Electronic record-keeping

During the 1970s, along with the introduction of computing and computerized information systems, the record-keeping and archival systems found themselves at a crossroads. Information was increasingly being stored electronically, and these electronic records did not fit well in their paper-based, records-life-cycle system being followed in the organizations. On one side it was argued that archival work was scholarly and that the methods supporting historical records should be shifted from a record’s content to its context as a way of dealing with the volume and format of these new electronic records. On the other side it was proposed to abandon the archives their traditional history-based orientation, and transform them into information system or digital system. This has created the issue of the separation of the digital information streams for declaring which one is the record and which one is only a document and not a record. These issues were difficult to resolve than they appear.

As an example, a digital office document could be considered self-contained, whereas a database query was only transitory. Also, computer dumps or backups, were not evidence of business transactions, but rather views or frozen snapshots of information, and views which were by definition incomplete, not linked to creator context or activity, and hence without assurance of reliability and authenticity. Hence, they were not considered as records. The main issues were (i) at what point does an electronic file becomes worthy of being called a record, (ii) what are the attributes of an electronic record, and (iii) how these attributes can  be applied in the electronic medium where physical form is meaningless. Hence, for an electronic record-keeping system to be introduced into practice, it became essential that the definitions and attributes of an electronic record are determined.

Starting in the 1990s, there have been several efforts to develop these definitions and to set standards for electronic records and electronic record-keeping. The outcome of these efforts was the creation and standardization of record-keeping metadata which is defined as including ‘all standardized information that identifies, authenticates, describes, manages and makes accessible, through time and space, documents created in the context of social and business activity’. Several refinements were made which has resulted in a refined conceptualization of record-keeping metadata which became an international standard, ISO 23081.1. An example of a conceptual model for organizational electronic record-keeping metadata is shown in Fig 1.
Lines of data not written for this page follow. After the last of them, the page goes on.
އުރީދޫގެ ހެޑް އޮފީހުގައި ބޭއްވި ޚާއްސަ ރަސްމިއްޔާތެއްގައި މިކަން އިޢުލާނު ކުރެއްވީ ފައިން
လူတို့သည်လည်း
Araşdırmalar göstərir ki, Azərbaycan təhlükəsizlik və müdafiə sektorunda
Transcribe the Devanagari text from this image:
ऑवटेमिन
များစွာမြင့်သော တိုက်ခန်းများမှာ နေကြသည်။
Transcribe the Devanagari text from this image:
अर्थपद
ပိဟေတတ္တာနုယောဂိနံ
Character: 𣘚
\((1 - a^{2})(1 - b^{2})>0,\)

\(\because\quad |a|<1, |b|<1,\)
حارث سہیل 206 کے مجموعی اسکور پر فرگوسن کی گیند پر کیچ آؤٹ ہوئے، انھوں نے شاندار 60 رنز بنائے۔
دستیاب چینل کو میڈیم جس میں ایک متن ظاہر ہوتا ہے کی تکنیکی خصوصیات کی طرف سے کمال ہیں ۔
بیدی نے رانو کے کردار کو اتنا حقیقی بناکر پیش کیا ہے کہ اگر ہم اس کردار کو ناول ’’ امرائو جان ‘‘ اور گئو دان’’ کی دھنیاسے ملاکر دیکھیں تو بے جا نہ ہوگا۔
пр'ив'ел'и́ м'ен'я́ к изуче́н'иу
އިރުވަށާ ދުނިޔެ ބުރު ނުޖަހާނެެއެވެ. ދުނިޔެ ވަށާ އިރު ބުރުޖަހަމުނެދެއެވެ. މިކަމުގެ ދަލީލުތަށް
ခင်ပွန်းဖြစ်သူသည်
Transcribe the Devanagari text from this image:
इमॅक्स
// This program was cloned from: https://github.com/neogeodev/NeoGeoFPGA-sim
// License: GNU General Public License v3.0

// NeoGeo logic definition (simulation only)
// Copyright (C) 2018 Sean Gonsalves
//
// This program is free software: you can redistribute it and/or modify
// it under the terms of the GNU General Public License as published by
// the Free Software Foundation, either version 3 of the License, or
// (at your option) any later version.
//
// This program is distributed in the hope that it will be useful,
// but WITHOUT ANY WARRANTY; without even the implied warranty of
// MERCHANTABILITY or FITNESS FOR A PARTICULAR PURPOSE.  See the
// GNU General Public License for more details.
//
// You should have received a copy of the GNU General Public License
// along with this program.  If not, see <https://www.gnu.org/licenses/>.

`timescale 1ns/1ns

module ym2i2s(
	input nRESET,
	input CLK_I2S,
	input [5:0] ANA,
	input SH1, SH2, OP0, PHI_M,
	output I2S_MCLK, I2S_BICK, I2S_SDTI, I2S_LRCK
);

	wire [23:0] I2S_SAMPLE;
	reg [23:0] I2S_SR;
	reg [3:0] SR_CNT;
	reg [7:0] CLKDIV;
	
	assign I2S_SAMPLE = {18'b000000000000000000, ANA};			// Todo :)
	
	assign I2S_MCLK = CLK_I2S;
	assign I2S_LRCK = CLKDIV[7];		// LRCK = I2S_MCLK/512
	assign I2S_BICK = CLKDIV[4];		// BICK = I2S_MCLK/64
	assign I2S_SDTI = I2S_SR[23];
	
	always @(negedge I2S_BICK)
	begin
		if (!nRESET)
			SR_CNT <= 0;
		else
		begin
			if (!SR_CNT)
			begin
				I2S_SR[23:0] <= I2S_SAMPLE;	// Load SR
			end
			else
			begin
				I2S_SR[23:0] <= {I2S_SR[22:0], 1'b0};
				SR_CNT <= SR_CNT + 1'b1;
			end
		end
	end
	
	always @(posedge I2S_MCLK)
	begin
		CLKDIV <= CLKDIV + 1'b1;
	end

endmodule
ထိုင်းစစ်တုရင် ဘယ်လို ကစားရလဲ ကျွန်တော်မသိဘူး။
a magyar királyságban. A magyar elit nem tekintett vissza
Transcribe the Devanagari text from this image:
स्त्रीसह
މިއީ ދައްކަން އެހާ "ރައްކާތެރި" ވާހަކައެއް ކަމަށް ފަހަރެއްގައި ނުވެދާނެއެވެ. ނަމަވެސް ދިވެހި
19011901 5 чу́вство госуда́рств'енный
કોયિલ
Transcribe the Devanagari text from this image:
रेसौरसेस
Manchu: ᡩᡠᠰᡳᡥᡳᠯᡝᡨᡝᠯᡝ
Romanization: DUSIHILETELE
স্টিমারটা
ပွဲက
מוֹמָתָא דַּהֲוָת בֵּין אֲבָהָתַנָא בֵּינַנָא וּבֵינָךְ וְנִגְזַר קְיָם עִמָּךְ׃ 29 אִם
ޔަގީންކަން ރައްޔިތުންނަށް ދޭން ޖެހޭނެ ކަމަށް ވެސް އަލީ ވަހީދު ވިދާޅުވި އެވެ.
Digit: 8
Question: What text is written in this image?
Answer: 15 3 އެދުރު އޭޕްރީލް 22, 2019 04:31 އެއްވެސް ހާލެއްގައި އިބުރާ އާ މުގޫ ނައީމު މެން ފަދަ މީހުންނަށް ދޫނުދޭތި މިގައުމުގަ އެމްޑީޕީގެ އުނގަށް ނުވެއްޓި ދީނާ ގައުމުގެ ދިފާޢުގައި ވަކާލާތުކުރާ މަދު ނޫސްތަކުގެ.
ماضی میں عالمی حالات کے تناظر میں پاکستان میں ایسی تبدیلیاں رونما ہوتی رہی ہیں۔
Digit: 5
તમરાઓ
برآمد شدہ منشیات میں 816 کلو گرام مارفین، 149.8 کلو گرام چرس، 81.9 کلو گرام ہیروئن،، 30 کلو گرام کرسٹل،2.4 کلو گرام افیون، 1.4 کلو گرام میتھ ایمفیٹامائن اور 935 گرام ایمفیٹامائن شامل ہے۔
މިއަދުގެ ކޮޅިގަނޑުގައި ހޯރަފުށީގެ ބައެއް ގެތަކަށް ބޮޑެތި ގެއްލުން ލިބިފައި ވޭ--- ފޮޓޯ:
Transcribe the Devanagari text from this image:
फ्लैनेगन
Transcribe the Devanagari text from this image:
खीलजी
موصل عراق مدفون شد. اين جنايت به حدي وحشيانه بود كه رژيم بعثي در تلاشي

Fig 1 Conceptual model for organizational electronic record-keeping metadata

Record-keeping models and theories

Organizational record-keeping has evolved mainly out of practice rather than based on the theoretical considerations. As the necessity of maintaining reliable evidence has increased in the present environment, record-keeping in the organizations are required to satisfy various requirements through evolving mechanisms, with the aim of maintaining reliable and trustworthy records to a level which is acceptable to the stakeholders. As such, record-keeping is mainly governed by the accepted norms. However, the norms change over time, and given the complexity and volume of information created in the present day digital age, it has been necessary to develop a theoretical foundation to build new solutions and information strategies. The main two theoretical concepts are (i) structurational concept of space-time distanciation, and (ii) Upward’s development of the records continuum model.

Structuration concept

Structuration concept has evolved over time and consists of a model to explain the relationships between people (agents) and the organizational structure under which they function. At its heart, it attempts to reconcile the apparent theoretical differences of organizational systems such as agent / structure, micro / macro, and subjective / objective, etc. The concept is based on a model with three dimensions of structure (signification, dominance, and legitimation) which interact with three dimensions of interaction (communication, power, and sanction) through modalities (interpretive schemes, facility, and norms).
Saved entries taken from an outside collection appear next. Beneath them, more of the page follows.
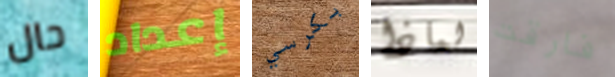
حال إعداد بكرسي لماذا فارقت
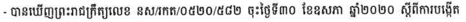
- បានឃើញព្រះរាជក្រឹត្យលេខ នស/រកត/០៥២០/៥៨២ ចុះថ្ងៃទី៣០ ខែឧសភា ឆ្នាំ២០២០ ស្តីពីការបង្កើត
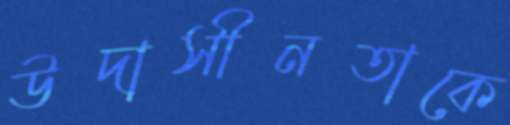
উদাসীনতাকে
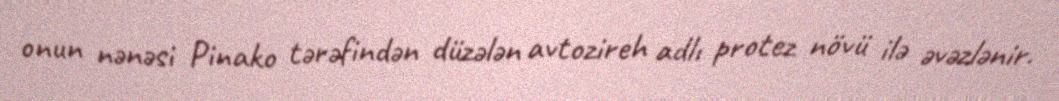
onun nənəsi Pinako tərəfindən düzələn avtozireh adlı protez növü ilə əvəzlənir.
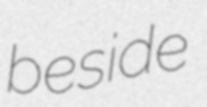
beside
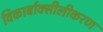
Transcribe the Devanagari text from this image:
विकार्बाक्सीलीकरण
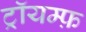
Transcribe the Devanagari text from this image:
ट्रॉयम्फ़
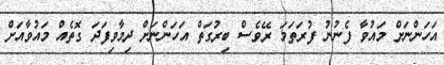
އަހަންނަށް މައުވާ ފެނުނު ފުރަތަމަ ރޭވެސް ބިރުގަތް އަހަންނަށް ދިމާވިފަދަ ގޮތެެއް މައުވާއަށް
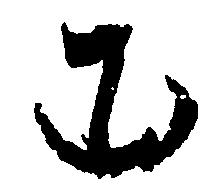
む
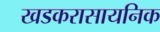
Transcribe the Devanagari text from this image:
खडकरासायनिक
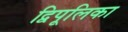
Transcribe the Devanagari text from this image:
द्विपूलिका
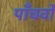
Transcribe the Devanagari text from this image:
पाँचवों
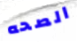
الصحه
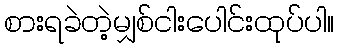
စားရခဲတဲ့မျှစ်ငါးပေါင်းထုပ်ပါ။
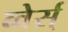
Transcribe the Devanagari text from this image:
ब्वेर्स्
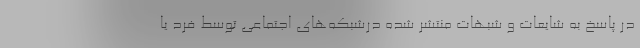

The concept of space-time distanciation refers to the intersecting points of space and time as being necessary coordinates to determine the structure of the organization at that place and that time. Structuration involves three ‘intersecting planes of temporality’ namely (i) dur’ee (the time frame of day-to-day life), dasein (the human lifespan), and the longue dur’ee (the time frame of the organization), thus the concept has a link between the individual to that of the longer lived organization. However, the structuration concept is often considered too broad to be used by itself. It provides a major theoretical pillar, though it specifies no details. It is more a guiding philosophy. The structuration concept has a theoretical approach to explain the constitution of the organization and provides a logical foundation for understanding how organizations form and change their norms over time. It also informs the changing level of acceptability which defines a record over time which is an important attribute in defining record-keeping requirements.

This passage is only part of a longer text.